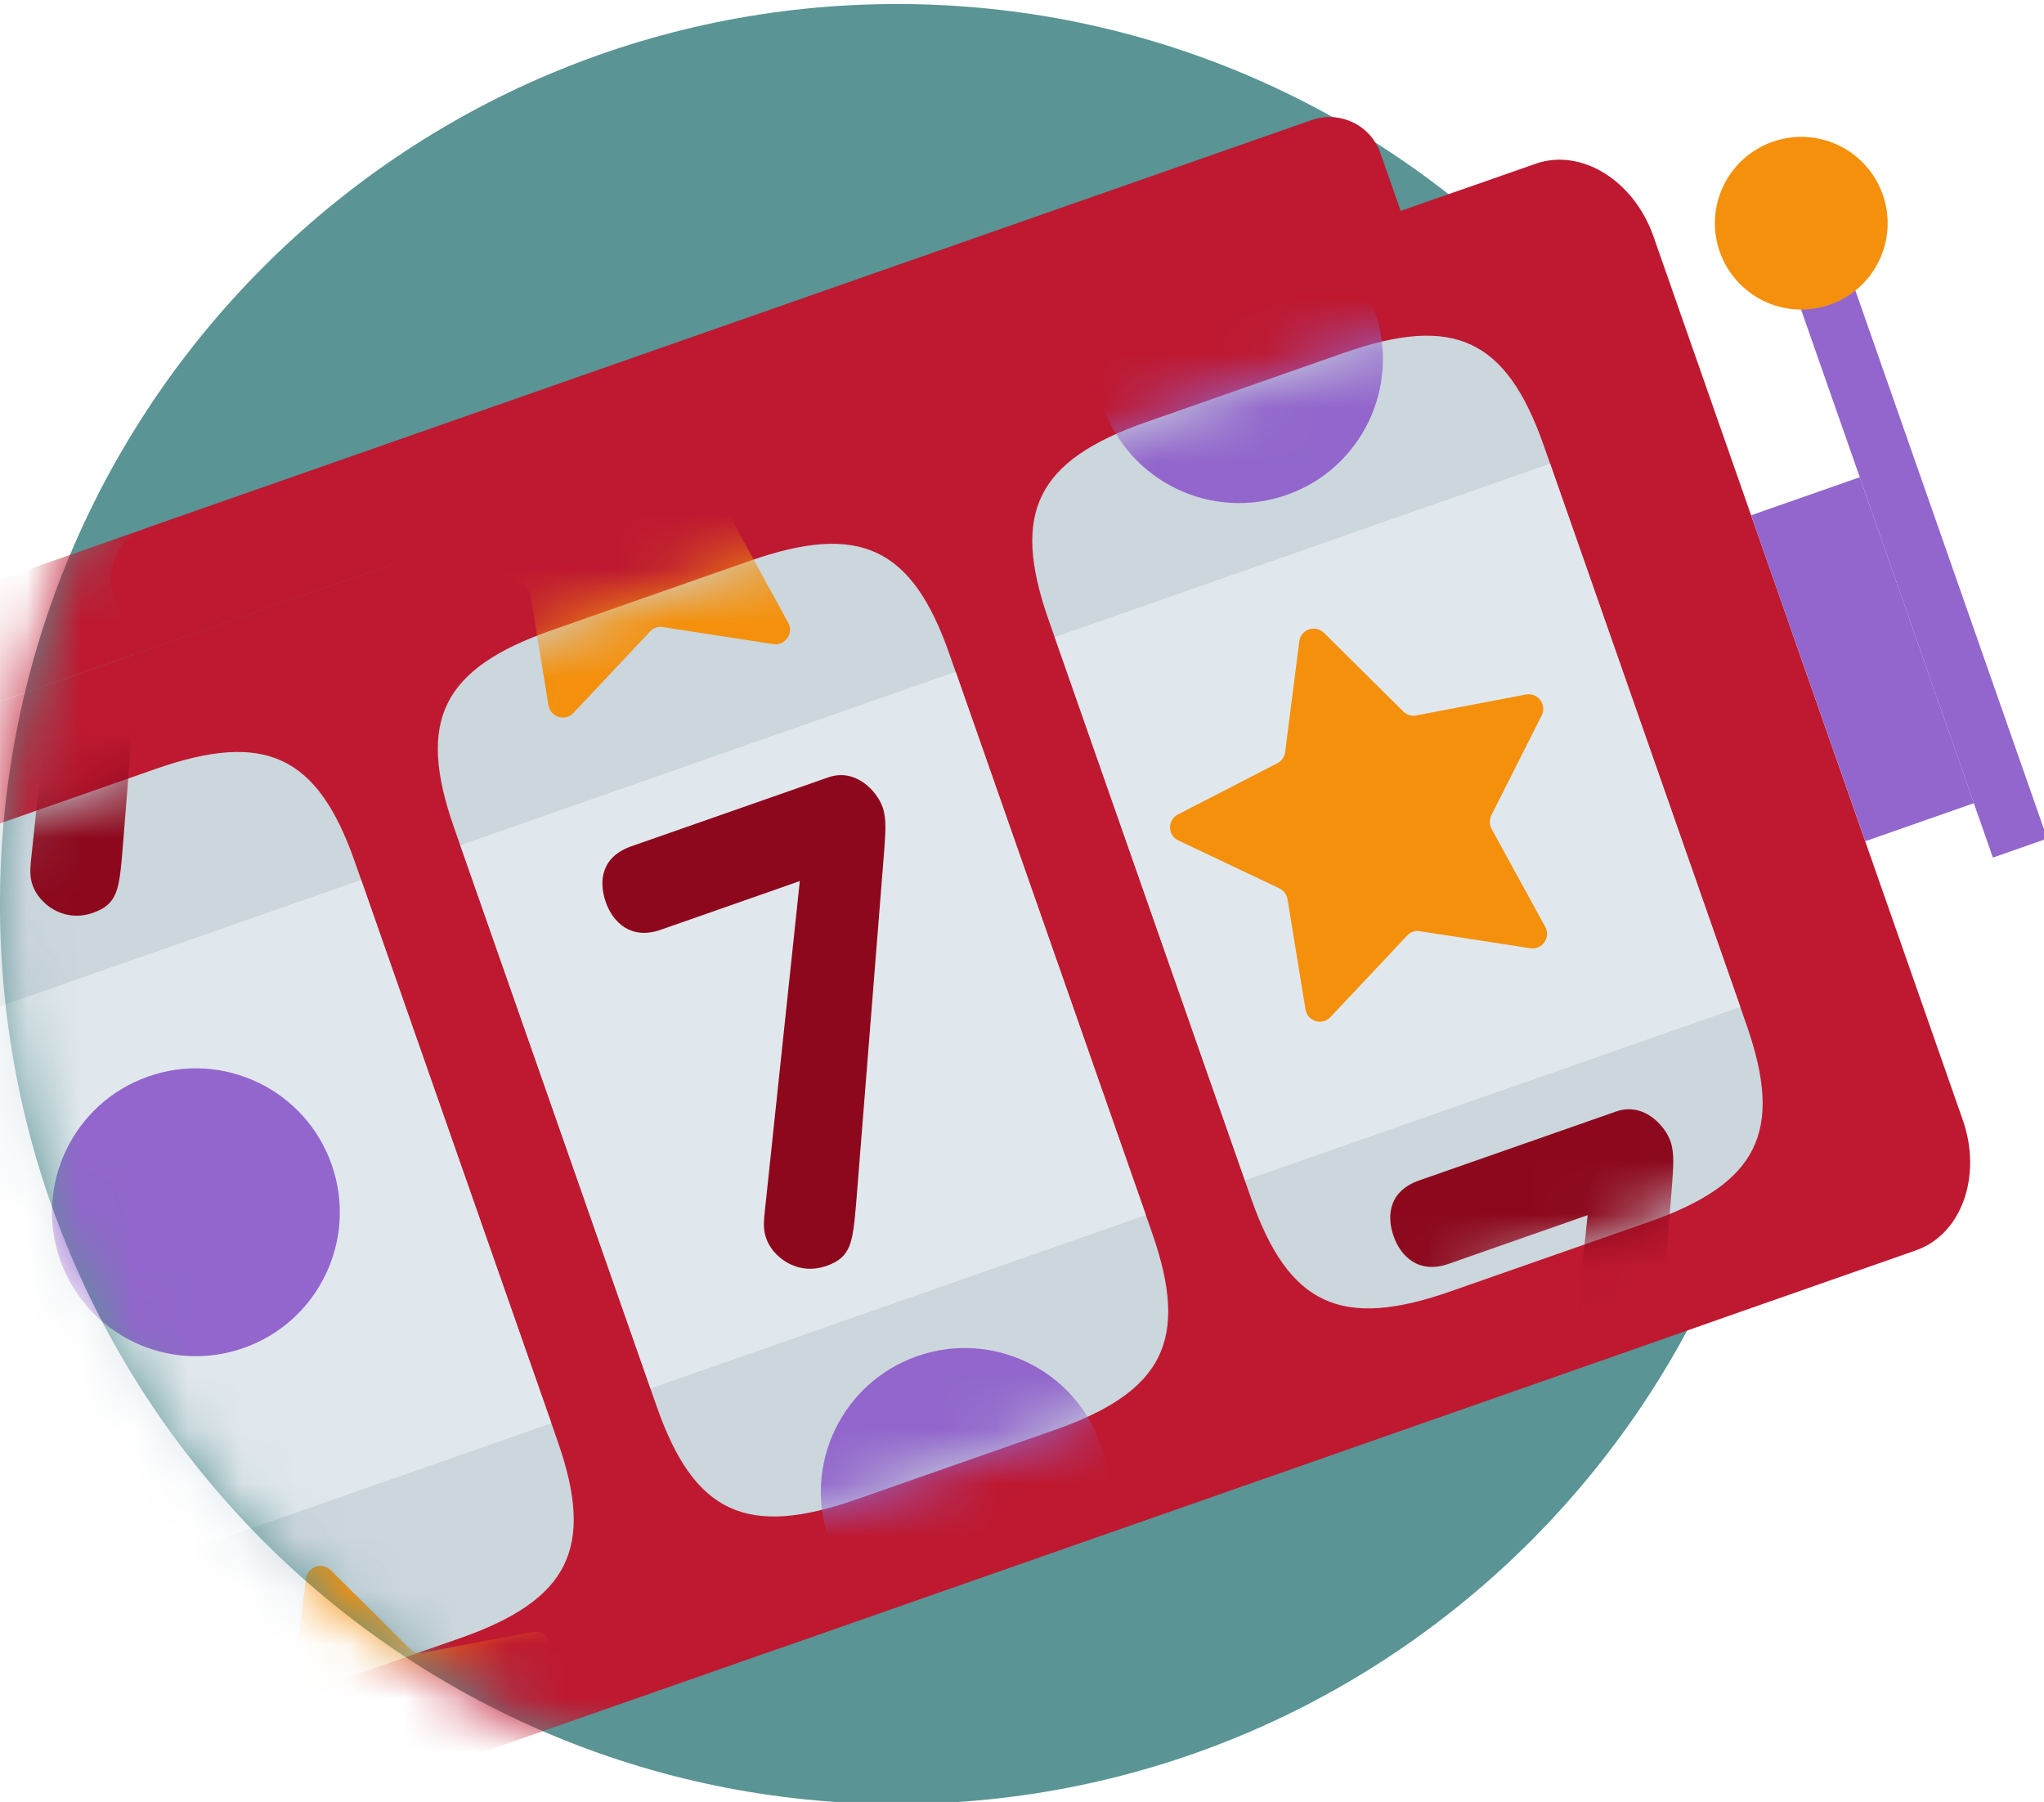 <?xml version="1.0" encoding="UTF-8" standalone="no"?>
<svg
   width="38"
   height="33.5"
   viewBox="0 0 38 33.5"
   fill="none"
   version="1.1"
   id="svg1437"
   sodipodi:docname="free-spins.svg"
   inkscape:version="1.1 (c68e22c387, 2021-05-23)"
   xmlns:inkscape="http://www.inkscape.org/namespaces/inkscape"
   xmlns:sodipodi="http://sodipodi.sourceforge.net/DTD/sodipodi-0.dtd"
   xmlns="http://www.w3.org/2000/svg"
   xmlns:svg="http://www.w3.org/2000/svg">
  <defs
     id="defs1441" />
  <sodipodi:namedview
     id="namedview1439"
     pagecolor="#ffffff"
     bordercolor="#666666"
     borderopacity="1.0"
     inkscape:pageshadow="2"
     inkscape:pageopacity="0.0"
     inkscape:pagecheckerboard="0"
     showgrid="false"
     width="41px"
     inkscape:zoom="11.885714"
     inkscape:cx="18.762019"
     inkscape:cy="21.24399"
     inkscape:window-width="1920"
     inkscape:window-height="1017"
     inkscape:window-x="-8"
     inkscape:window-y="-8"
     inkscape:window-maximized="1"
     inkscape:current-layer="svg1437" />
  <path
     d="m 16.677,33.539 c 9.21,0 16.677,-7.491 16.677,-16.732 C 33.353,7.566 25.887,0.075 16.677,0.075 7.466,0.075 0,7.566 0,16.807 c 0,9.241 7.466,16.732 16.677,16.732 z"
     fill="#5a9494"
     id="path1362" />
  <mask
     id="mask0"
     mask-type="alpha"
     maskUnits="userSpaceOnUse"
     x="0"
     y="1"
     width="34"
     height="34">
    <path
       d="m 16.677,34.465 c 9.21,0 16.677,-7.491 16.677,-16.732 C 33.353,8.491 25.887,1 16.677,1 7.466,1 0,8.491 0,17.732 c 0,9.241 7.466,16.732 16.677,16.732 z"
       fill="#5a9494"
       id="path1364" />
  </mask>
  <g
     mask="url(#mask0)"
     id="g1404"
     transform="translate(0,-0.925)">
    <rect
       x="-7.293"
       y="16.518"
       width="39.596"
       height="21.403"
       rx="2"
       transform="rotate(-19.295,-7.293,16.518)"
       fill="#be1931"
       id="rect1367" />
    <path
       d="m 10.368,27.721 c 0.694,1.983 0.214,2.949 -1.82,3.661 L 4.865,32.671 C 2.831,33.383 1.854,32.928 1.159,30.945 L -2.613,20.171 c -0.694,-1.983 -0.215,-2.949 1.82,-3.661 L 2.891,15.221 c 2.034,-0.712 3.011,-0.257 3.706,1.726 z m 11.051,-3.869 c 0.694,1.983 0.214,2.949 -1.82,3.661 l -3.684,1.29 c -2.034,0.712 -3.011,0.257 -3.706,-1.726 L 8.438,16.302 C 7.744,14.319 8.224,13.354 10.258,12.641 l 3.684,-1.29 c 2.034,-0.712 3.011,-0.257 3.706,1.726 z m 11.051,-3.869 c 0.694,1.983 0.214,2.949 -1.82,3.661 L 26.967,24.933 C 24.933,25.645 23.956,25.19 23.261,23.207 L 19.489,12.433 C 18.795,10.45 19.275,9.484 21.309,8.772 L 24.993,7.483 c 2.034,-0.712 3.011,-0.257 3.706,1.726 z"
       fill="#ccd6dd"
       id="path1369" />
    <path
       d="M -2.495,20.508 6.714,17.283 10.25,27.384 1.041,30.608 Z m 11.051,-3.869 9.209,-3.224 3.536,10.1 -9.209,3.224 z M 19.607,12.77 28.816,9.545 32.352,19.646 23.143,22.87 Z"
       fill="#e1e8ed"
       id="path1371" />
    <path
       d="m 14.868,17.306 -2.587,0.906 c -0.546,0.191 -0.886,-0.132 -1.02,-0.514 -0.138,-0.394 -0.08,-0.844 0.476,-1.038 l 3.659,-1.281 c 0.515,-0.18 0.909,0.263 1.011,0.555 0.079,0.225 0.05,0.5 0.028,0.824 l -0.521,6.55 c -0.063,0.728 -0.095,0.993 -0.55,1.152 -0.556,0.195 -1.005,-0.18 -1.119,-0.505 -0.048,-0.136 -0.053,-0.248 -0.037,-0.429 z"
       fill="#8d081c"
       id="path1373" />
    <path
       d="m 26.329,14.226 2.04,-0.388 c 0.221,-0.041 0.392,0.186 0.293,0.387 l -0.936,1.857 c -0.038,0.08 -0.039,0.174 0.004,0.253 l 0.998,1.823 c 0.107,0.195 -0.058,0.431 -0.278,0.397 l -2.054,-0.317 c -0.087,-0.015 -0.176,0.016 -0.237,0.083 l -1.425,1.514 c -0.154,0.163 -0.425,0.079 -0.463,-0.14 L 23.935,17.642 C 23.919,17.554 23.863,17.48 23.783,17.441 l -1.877,-0.89 c -0.203,-0.095 -0.206,-0.381 -0.009,-0.483 l 1.848,-0.952 c 0.08,-0.04 0.134,-0.119 0.146,-0.205 l 0.263,-2.062 c 0.028,-0.221 0.297,-0.316 0.459,-0.158 l 1.476,1.462 c 0.06,0.06 0.152,0.089 0.24,0.073 z"
       fill="#f4900c"
       id="path1375" />
    <circle
       cx="3.642"
       cy="23.462"
       r="2.675"
       transform="rotate(-19.295,3.642,23.462)"
       fill="#9266cc"
       id="circle1377" />
    <mask
       id="mask1"
       mask-type="alpha"
       maskUnits="userSpaceOnUse"
       x="-4"
       y="6"
       width="38"
       height="28">
      <path
         d="m 10.368,27.721 c 0.694,1.983 0.214,2.949 -1.82,3.661 L 4.865,32.671 C 2.831,33.383 1.854,32.928 1.159,30.945 L -2.613,20.171 c -0.694,-1.983 -0.215,-2.949 1.82,-3.661 L 2.891,15.221 c 2.034,-0.712 3.011,-0.257 3.706,1.726 z m 11.051,-3.869 c 0.694,1.983 0.214,2.949 -1.82,3.661 l -3.684,1.29 c -2.034,0.712 -3.011,0.257 -3.706,-1.726 L 8.438,16.302 C 7.744,14.319 8.224,13.354 10.258,12.641 l 3.684,-1.29 c 2.034,-0.712 3.011,-0.257 3.706,1.726 z m 11.051,-3.869 c 0.694,1.983 0.214,2.949 -1.82,3.661 L 26.967,24.933 C 24.933,25.645 23.956,25.19 23.261,23.207 L 19.489,12.433 C 18.795,10.45 19.275,9.484 21.309,8.772 L 24.993,7.483 c 2.034,-0.712 3.011,-0.257 3.706,1.726 z"
         fill="#ccd6dd"
         id="path1379" />
    </mask>
    <g
       mask="url(#mask1)"
       id="g1394">
      <path
         d="m 1.231,10.742 -2.587,0.906 c -0.546,0.191 -0.886,-0.132 -1.02,-0.515 -0.138,-0.394 -0.08,-0.844 0.476,-1.038 L 1.76,8.813 C 2.275,8.633 2.669,9.076 2.771,9.369 2.85,9.594 2.822,9.869 2.799,10.193 L 2.277,16.743 C 2.215,17.471 2.183,17.736 1.728,17.895 1.172,18.09 0.723,17.715 0.609,17.39 0.562,17.254 0.556,17.142 0.572,16.961 Z"
         fill="#8d081c"
         id="path1382" />
      <path
         d="m 12.254,8.571 2.04,-0.388 c 0.221,-0.041 0.392,0.186 0.293,0.387 l -0.936,1.857 c -0.038,0.08 -0.039,0.174 0.004,0.253 l 0.998,1.823 c 0.107,0.195 -0.058,0.431 -0.278,0.397 l -2.054,-0.317 c -0.087,-0.015 -0.176,0.016 -0.237,0.083 l -1.425,1.514 c -0.154,0.163 -0.425,0.079 -0.463,-0.14 L 9.86,11.987 C 9.844,11.899 9.788,11.825 9.708,11.786 L 7.831,10.896 C 7.628,10.801 7.625,10.515 7.822,10.413 L 9.67,9.46 C 9.75,9.42 9.804,9.341 9.816,9.255 L 10.079,7.193 c 0.028,-0.221 0.297,-0.316 0.459,-0.158 l 1.476,1.463 c 0.06,0.06 0.152,0.089 0.24,0.073 z"
         fill="#f4900c"
         id="path1384" />
      <circle
         cx="23.033"
         cy="7.602"
         r="2.675"
         transform="rotate(-19.295,23.033,7.602)"
         fill="#9266cc"
         id="circle1386" />
      <path
         d="m 29.515,23.516 -2.587,0.906 c -0.546,0.191 -0.886,-0.132 -1.02,-0.515 -0.138,-0.394 -0.08,-0.844 0.476,-1.038 l 3.66,-1.281 c 0.515,-0.18 0.909,0.263 1.011,0.555 0.079,0.225 0.05,0.5 0.028,0.824 l -0.521,6.55 c -0.063,0.728 -0.095,0.993 -0.55,1.152 -0.556,0.195 -1.005,-0.18 -1.119,-0.505 -0.048,-0.136 -0.053,-0.248 -0.037,-0.429 z"
         fill="#8d081c"
         id="path1388" />
      <path
         d="m 7.863,31.651 2.04,-0.388 c 0.221,-0.041 0.392,0.186 0.293,0.387 l -0.936,1.857 c -0.038,0.08 -0.039,0.174 0.004,0.253 l 0.998,1.823 c 0.108,0.195 -0.058,0.431 -0.278,0.397 L 7.929,35.663 C 7.842,35.648 7.753,35.679 7.692,35.745 L 6.267,37.26 C 6.112,37.423 5.841,37.339 5.804,37.12 L 5.469,35.067 C 5.453,34.979 5.397,34.905 5.317,34.866 L 3.44,33.976 C 3.238,33.881 3.234,33.595 3.431,33.493 l 1.848,-0.952 c 0.08,-0.04 0.134,-0.119 0.146,-0.205 l 0.263,-2.062 c 0.028,-0.221 0.297,-0.316 0.459,-0.158 l 1.476,1.463 c 0.06,0.06 0.152,0.089 0.24,0.073 z"
         fill="#f4900c"
         id="path1390" />
      <circle
         cx="17.934"
         cy="28.662"
         r="2.675"
         transform="rotate(-19.295,17.934,28.662)"
         fill="#9266cc"
         id="circle1392" />
    </g>
    <path
       d="m -3.63,14.027 c -0.182,-0.521 0.092,-1.092 0.613,-1.274 L 24.387,3.159 c 0.521,-0.182 1.092,0.092 1.274,0.613 L 26.038,4.849 -3.253,15.104 Z"
       fill="#be1931"
       id="path1396" />
    <rect
       x="32.554"
       y="10.505"
       width="2.14"
       height="6.421"
       transform="rotate(-19.295,32.554,10.505)"
       fill="#9266cc"
       id="rect1398" />
    <rect
       x="32.807"
       y="4.747"
       width="1.07"
       height="12.842"
       transform="rotate(-19.295,32.807,4.747)"
       fill="#9266cc"
       id="rect1400" />
    <circle
       cx="33.487"
       cy="5.076"
       r="1.605"
       transform="rotate(-19.295,33.487,5.076)"
       fill="#f4900c"
       id="circle1402" />
  </g>
  <path
     d="m 6.526,12.874 c -0.365,-1.042 0.024,-2.127 0.868,-2.423 L 28.55,3.044 c 0.845,-0.296 1.825,0.31 2.19,1.352 l 5.75,16.425 c 0.365,1.042 -0.024,2.127 -0.868,2.423 l -21.156,7.407 c -0.845,0.296 -1.825,-0.31 -2.19,-1.352 z"
     fill="#be1931"
     id="path1406" />
  <path
     d="m 21.42,22.926 c 0.694,1.983 0.214,2.949 -1.82,3.661 l -3.684,1.29 c -2.034,0.712 -3.011,0.257 -3.706,-1.726 l -3.772,-10.774 c -0.694,-1.983 -0.215,-2.949 1.82,-3.661 l 3.684,-1.29 c 2.034,-0.712 3.011,-0.257 3.706,1.726 z m 11.051,-3.869 c 0.694,1.983 0.214,2.949 -1.82,3.661 l -3.684,1.29 c -2.034,0.712 -3.011,0.257 -3.706,-1.726 l -3.772,-10.774 C 18.796,9.524 19.276,8.559 21.31,7.847 l 3.684,-1.29 c 2.034,-0.712 3.011,-0.257 3.706,1.726 z"
     fill="#ccd6dd"
     id="path1408" />
  <path
     d="m 8.558,15.713 9.209,-3.224 3.536,10.1 -9.209,3.224 z m 11.051,-3.869 9.209,-3.224 3.536,10.1 -9.209,3.224 z"
     fill="#e1e8ed"
     id="path1410" />
  <path
     d="m 14.869,16.38 -2.587,0.906 c -0.546,0.191 -0.886,-0.132 -1.02,-0.515 -0.138,-0.394 -0.08,-0.844 0.476,-1.038 l 3.66,-1.281 c 0.515,-0.18 0.909,0.263 1.011,0.555 0.079,0.225 0.05,0.5 0.028,0.824 l -0.521,6.55 c -0.063,0.728 -0.095,0.993 -0.55,1.153 -0.556,0.195 -1.005,-0.18 -1.119,-0.505 -0.048,-0.136 -0.053,-0.248 -0.037,-0.429 z"
     fill="#8d081c"
     id="path1412" />
  <path
     d="m 26.329,13.3 2.04,-0.388 c 0.221,-0.041 0.392,0.186 0.293,0.387 l -0.936,1.857 c -0.038,0.08 -0.039,0.174 0.004,0.253 l 0.998,1.823 c 0.107,0.195 -0.058,0.431 -0.278,0.397 l -2.054,-0.317 c -0.087,-0.015 -0.176,0.016 -0.237,0.083 l -1.425,1.514 c -0.154,0.163 -0.425,0.08 -0.463,-0.14 l -0.335,-2.053 c -0.016,-0.088 -0.072,-0.162 -0.152,-0.201 l -1.877,-0.89 c -0.203,-0.095 -0.206,-0.381 -0.009,-0.483 l 1.848,-0.952 c 0.08,-0.04 0.134,-0.119 0.146,-0.205 l 0.263,-2.062 c 0.028,-0.222 0.297,-0.316 0.459,-0.158 l 1.476,1.463 c 0.06,0.06 0.152,0.089 0.24,0.073 z"
     fill="#f4900c"
     id="path1414" />
  <mask
     id="mask2"
     mask-type="alpha"
     maskUnits="userSpaceOnUse"
     x="7"
     y="6"
     width="27"
     height="24">
    <path
       d="m 21.42,23.852 c 0.694,1.983 0.214,2.949 -1.82,3.661 l -3.684,1.29 C 13.882,29.514 12.905,29.059 12.211,27.076 L 8.439,16.302 C 7.745,14.319 8.225,13.353 10.259,12.641 l 3.684,-1.29 c 2.034,-0.712 3.011,-0.257 3.706,1.726 z m 11.051,-3.869 c 0.694,1.983 0.214,2.949 -1.82,3.661 l -3.684,1.29 c -2.034,0.712 -3.011,0.257 -3.706,-1.726 L 19.49,12.433 C 18.796,10.45 19.276,9.484 21.31,8.772 l 3.684,-1.29 c 2.034,-0.712 3.011,-0.257 3.706,1.726 z"
       fill="#ccd6dd"
       id="path1416" />
  </mask>
  <g
     mask="url(#mask2)"
     id="g1427"
     transform="translate(0,-0.925)">
    <path
       d="m 12.255,8.571 2.04,-0.388 c 0.221,-0.041 0.392,0.186 0.293,0.387 l -0.936,1.857 c -0.038,0.08 -0.039,0.174 0.004,0.253 l 0.998,1.823 c 0.108,0.195 -0.058,0.431 -0.278,0.397 l -2.054,-0.317 c -0.087,-0.015 -0.176,0.016 -0.237,0.083 l -1.425,1.514 c -0.154,0.163 -0.425,0.08 -0.463,-0.14 L 9.861,11.987 C 9.845,11.899 9.789,11.825 9.709,11.786 L 7.832,10.896 C 7.629,10.801 7.626,10.515 7.823,10.413 L 9.671,9.46 C 9.751,9.42 9.805,9.341 9.817,9.255 L 10.08,7.193 c 0.028,-0.221 0.297,-0.316 0.459,-0.158 l 1.476,1.463 c 0.06,0.06 0.152,0.089 0.24,0.073 z"
       fill="#f4900c"
       id="path1419" />
    <path
       d="M 25.559,6.718 C 26.047,8.112 25.313,9.639 23.918,10.127 22.524,10.615 20.997,9.88 20.509,8.486 20.021,7.091 20.756,5.565 22.15,5.077 23.545,4.588 25.071,5.323 25.559,6.718 Z"
       fill="#9266cc"
       id="path1421" />
    <path
       d="m 29.516,23.516 -2.587,0.906 c -0.546,0.191 -0.886,-0.132 -1.02,-0.514 -0.138,-0.394 -0.08,-0.844 0.476,-1.038 l 3.66,-1.281 c 0.515,-0.18 0.909,0.263 1.011,0.555 0.079,0.225 0.05,0.5 0.028,0.824 l -0.521,6.55 c -0.063,0.728 -0.095,0.993 -0.549,1.152 -0.556,0.195 -1.005,-0.18 -1.119,-0.505 -0.048,-0.136 -0.053,-0.248 -0.037,-0.429 z"
       fill="#8d081c"
       id="path1423" />
    <path
       d="m 20.461,27.778 c 0.488,1.395 -0.246,2.921 -1.641,3.409 -1.395,0.488 -2.921,-0.246 -3.409,-1.641 -0.488,-1.395 0.246,-2.921 1.641,-3.409 1.395,-0.488 2.921,0.246 3.409,1.641 z"
       fill="#9266cc"
       id="path1425" />
  </g>
  <path
     d="M 2.121,11.089 C 1.939,10.568 2.214,9.997 2.735,9.815 l 21.653,-7.581 c 0.521,-0.182 1.092,0.092 1.274,0.613 l 0.377,1.076 -23.54,8.242 z"
     fill="#be1931"
     id="path1429" />
  <path
     d="m 32.555,9.579 2.02,-0.707 2.122,6.06 -2.02,0.707 z"
     fill="#9266cc"
     id="path1431" />
  <path
     d="m 32.807,3.822 1.01,-0.354 4.243,12.121 -1.01,0.354 z"
     fill="#9266cc"
     id="path1433" />
  <path
     d="m 35.003,3.62 c 0.293,0.837 -0.148,1.753 -0.985,2.045 -0.837,0.293 -1.752,-0.148 -2.046,-0.985 -0.293,-0.837 0.148,-1.753 0.985,-2.045 0.837,-0.293 1.753,0.148 2.046,0.985 z"
     fill="#f4900c"
     id="path1435" />
</svg>

====

▸ DIRECTIONS FOR THIS TASK
From the entries above, copy each line that holds "height".

▸ OUTPUT OF THE TASK
   height="33.5"
     inkscape:window-height="1017"
     height="34">
       height="21.403"
       height="28">
       height="6.421"
       height="12.842"
     height="24">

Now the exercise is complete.